Prime Minister Ranil Wickremesinghe visited the devastated area yesterday and promised to rebuild destroyed homes, his office said.
Authorities have yet to establish the cause of the fire which began at sundown Sunday and continued until yesterday morning.
Government spokesman Rajitha Senaratne said the national security council was due to review the blast.
“This is a military matter and they must investigate if this was an accident or sabotage,” said Senaratne.
One of the affected villages housed widows and wounded veterans from Sri Lanka’s long civil war, who had to cross a river to safety.
“We took a boat and went across the Kelani river and took shelter at a temple,” said 53-year-old widow Mahilagodage Rohini.
“Most of the houses at our (Swarna Jayanthi) village have been destroyed.”
Wasantha Fernando, 45, said he abandoned his home and ran as thick black smoke filled the area.
“When I got back this morning the entire place was covered in ash,” he said, adding that his walls had cracked and the house was unstable.

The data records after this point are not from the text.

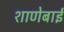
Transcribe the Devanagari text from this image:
शाणेबाई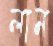
লাম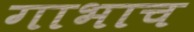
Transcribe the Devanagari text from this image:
गाभाच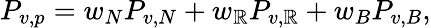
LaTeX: P_{v,p}=w_{N}P_{v,N}+w_{\mathbb{R}}P_{v,\mathbb{R}}+w_{B}P_{v,B},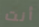
أنت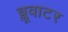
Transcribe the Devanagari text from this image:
ब्लूवाटर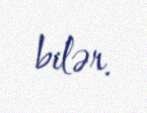
bilər.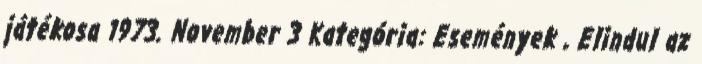
játékosa 1973. November 3 Kategória: Események , Elindul az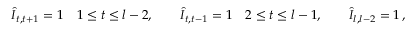
\hat { I } _ { t , t + 1 } = 1 \quad 1 \leq t \leq l - 2 , \quad \quad \hat { I } _ { t , t - 1 } = 1 \quad 2 \leq t \leq l - 1 , \quad \quad \hat { I } _ { l , l - 2 } = 1 \, ,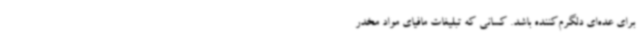
برای عده‌ای دلگرم‌کننده‌ باشد. کسانی که تبلیغات مافیای مواد مخدر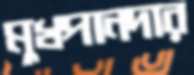
মুখপানদার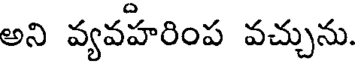
అని వ్యవహరింప వచ్చును.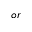
o r

Residents of high-rise buildings in Colombo said they could see the fire at the Salawa military complex, about 36km (22 miles) east of the capital.
The camp occupies a former plywood factory that was used to store heavy weaponry and ammunition, including rockets.
Sri Lanka’s decades-long Tamil separatist war ended in May 2009.
It was the second time in three weeks that residents around the capital had been forced to leave their homes.
Last month, around 200,000 residents of Colombo had to flee floods when the Kelani river burst its banks.